Segment Start: Extracted data

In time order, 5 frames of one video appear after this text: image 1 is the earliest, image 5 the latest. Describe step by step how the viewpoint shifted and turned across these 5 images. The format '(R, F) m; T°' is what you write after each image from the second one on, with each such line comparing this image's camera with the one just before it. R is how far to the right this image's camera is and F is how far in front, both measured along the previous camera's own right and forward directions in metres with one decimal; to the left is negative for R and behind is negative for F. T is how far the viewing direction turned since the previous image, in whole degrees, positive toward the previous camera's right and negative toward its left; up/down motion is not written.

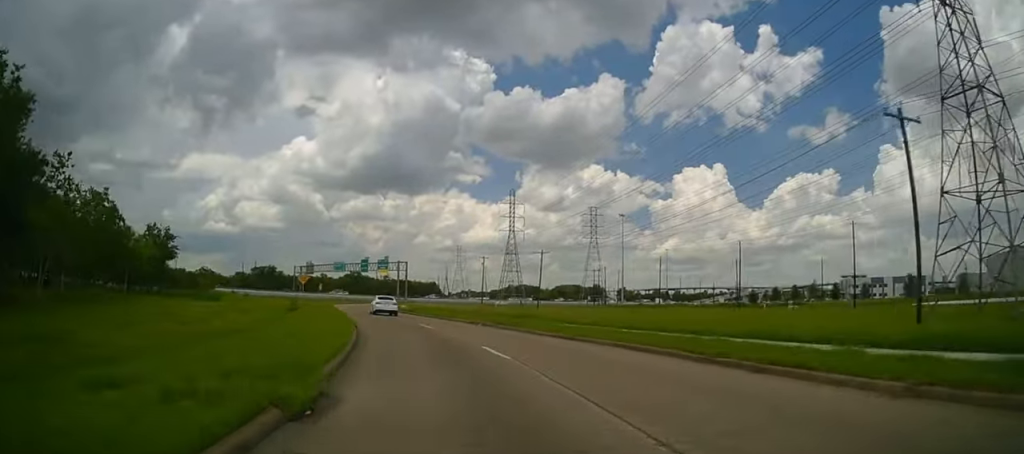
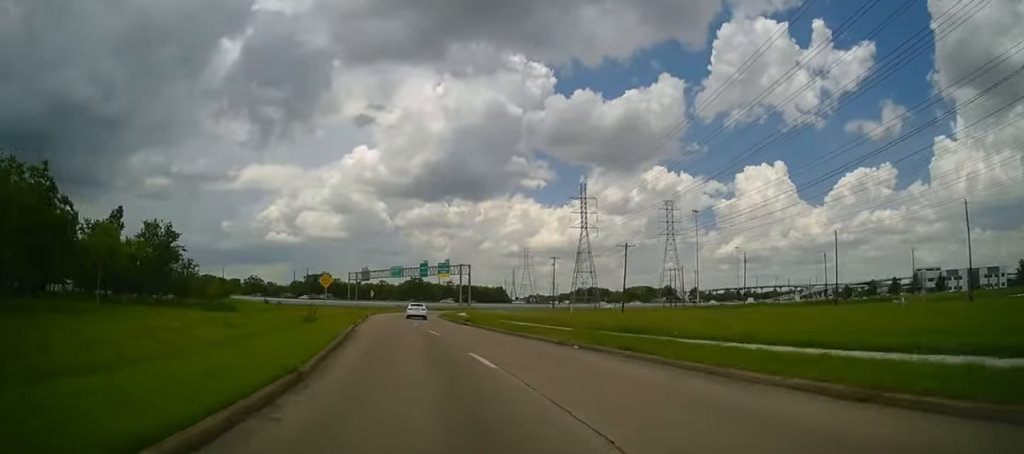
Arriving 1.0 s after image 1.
(-1.0, +13.7) m; -7°
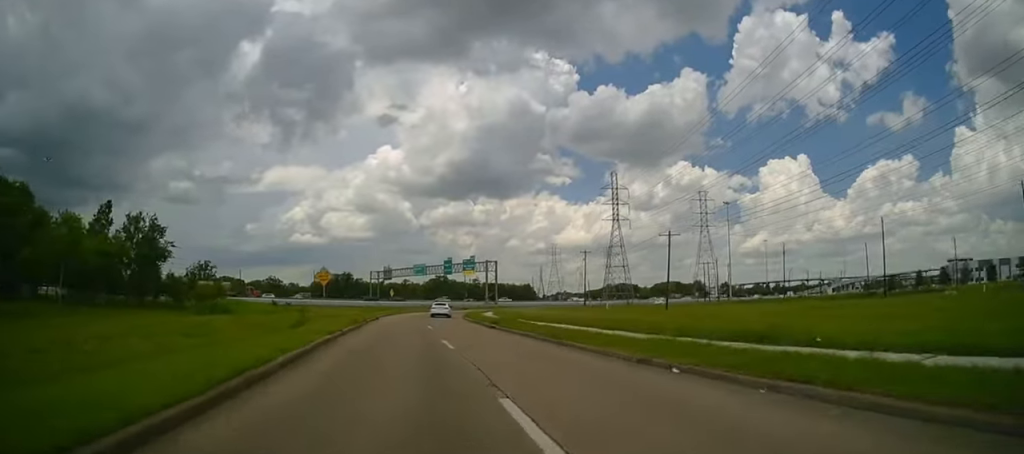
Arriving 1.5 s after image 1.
(-0.2, +7.6) m; -2°
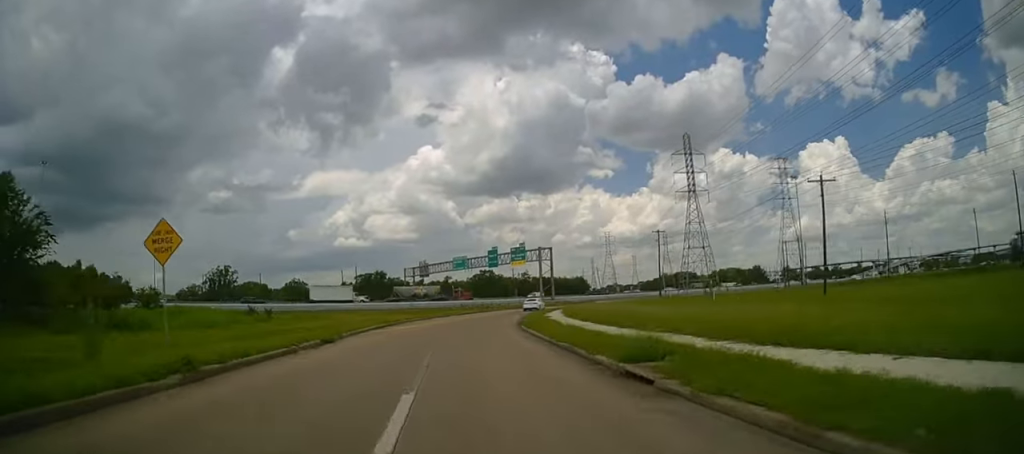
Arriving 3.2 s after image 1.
(-1.1, +24.1) m; -4°
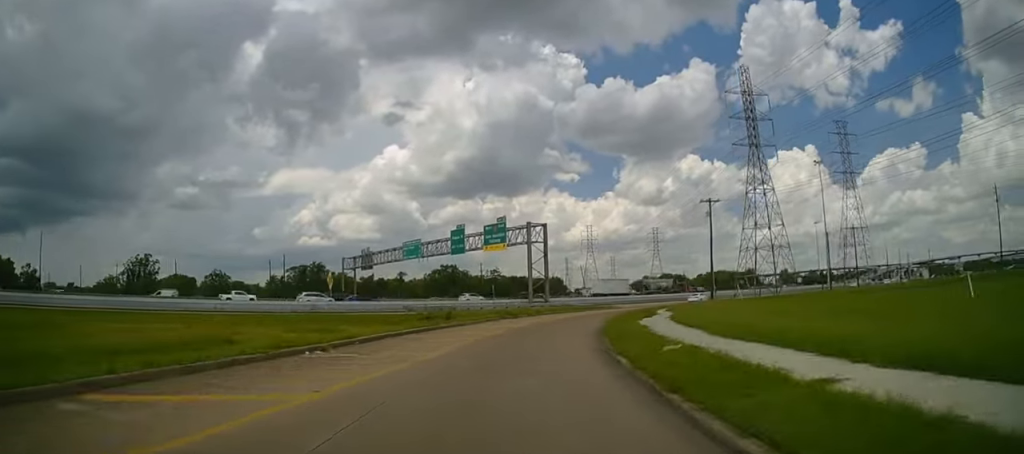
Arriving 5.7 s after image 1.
(-1.5, +38.1) m; +1°

Segment End: Extracted data

About this exercise: Please print all the entries exactly as written, but drop the pictures.

Solved exercise:
In time order, 5 frames of one video appear after this text: image 1 is the earliest, image 5 the latest. Describe step by step how the viewpoint shifted and turned across these 5 images. The format '(R, F) m; T°' is what you write after each image from the second one on, with each such line comparing this image's camera with the one just before it. R is how far to the right this image's camera is and F is how far in front, both measured along the previous camera's own right and forward directions in metres with one decimal; to the left is negative for R and behind is negative for F. T is how far the viewing direction turned since the previous image, in whole degrees, positive toward the previous camera's right and negative toward its left; up/down motion is not written.

Arriving 1.0 s after image 1.
(-1.0, +13.7) m; -7°
Arriving 1.5 s after image 1.
(-0.2, +7.6) m; -2°
Arriving 3.2 s after image 1.
(-1.1, +24.1) m; -4°
Arriving 5.7 s after image 1.
(-1.5, +38.1) m; +1°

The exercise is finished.